- Born: 9 September 1954 (age 71) Southport, England
- Education: University of New South Wales; University of Queensland;
- Style: Photorealism

= Gordon Hanley =

Australian visual artist

Gordon Hanley (born 9 September 1954) is an Australian visual artist based in Brisbane, Queensland, who paints in the realist and photorealist art style. A self-taught artist, his art mainly consists of paintings, drawings and masks. He creates watercolours of mainly urban scenes of small town Australia and highly detailed paintings of birds. More recently he has become involve din silverpoint drawing as well. Most of his recent work features drawings in 24ct gold and pure silver on paper with prepared grounds of his own design and development. His current work in this medium features in photorealist style.

==Education and early life==
Hanley was born in Southport, England and migrated to Australia with his parents in May 1960 as part of the assisted passage scheme. His family lived in Melbourne, Brisbane, and Sydney, followed by Park Ridge. He attended Beaudesert State High School (rural SE Queensland) and Randwick State High School (Sydney).

Hanley attended the University of New South Wales and then University of Queensland and holds a BSc, B.A. and Dip Ed. He served five years in the Royal Australian Navy. He then worked as a high school teacher while developing artistic skill and a portfolio.

==Art==
Hanley first exhibited his work 1988 at the Kenmore Gallery in Brisbane. In 1990 he held a solo exhibition of 40 watercolours there, and mounted a second one a year later. At the age of 37, Hanley then became a full-time artist. During the next decade he created about than 50 prints in open and limited edition format, after which he was Artist in residence at Queensland Museum. He joined the Royal Queensland Watercolour Society and the Queensland Wildlife Society.

Beginning in 2009, Hanley began to create drawings in metalpoint. After creating a number of works in the tradition of silverpoint drawing, he began to incorporate with gold as well.
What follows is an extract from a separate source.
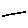
Label: line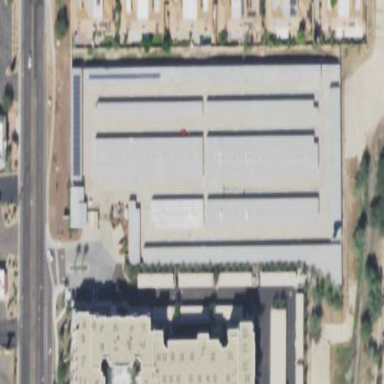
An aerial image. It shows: Storage rental shop.

His work was featured in Australian Artist Magazine, and Artist's Palette. for which he later wrote several articles about his technique.
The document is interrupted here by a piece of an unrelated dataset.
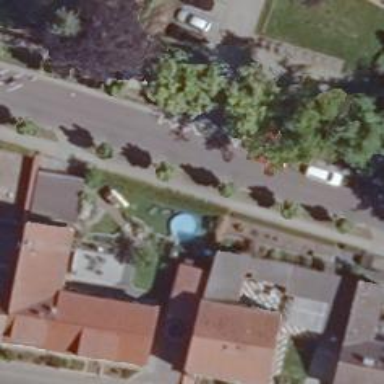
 featuring sidewalks on both sides and opposite cycleway."

In 2014 Hanley's work was on display at Morpeth Gallery, NSW and the Aarwun Gallery in Canberra.

==Exhibitions==
- Kenmore Gallery Brisbane - 1998, 1990, 1991
- La Trobe ArtSpace Brisbane - 1992
- Ronald Coles Gallery Sydney - 1993, 1995
- Morpeth Gallery Hunter Valley - 1998, 2000, 2007, 2009, 2010, 2012
- Aarwun Gallery Canberra - 2001, 2011
- Galloway Gallery Brisbane - 2002
- Arthouse Gallery Brisbane - 2004
- Astras Gallery Gold Coast - 2010

==Book==
- Jewels Of Nature: The Parrots ISBN 0-646-41597-2 features over 120 paintings of parrots.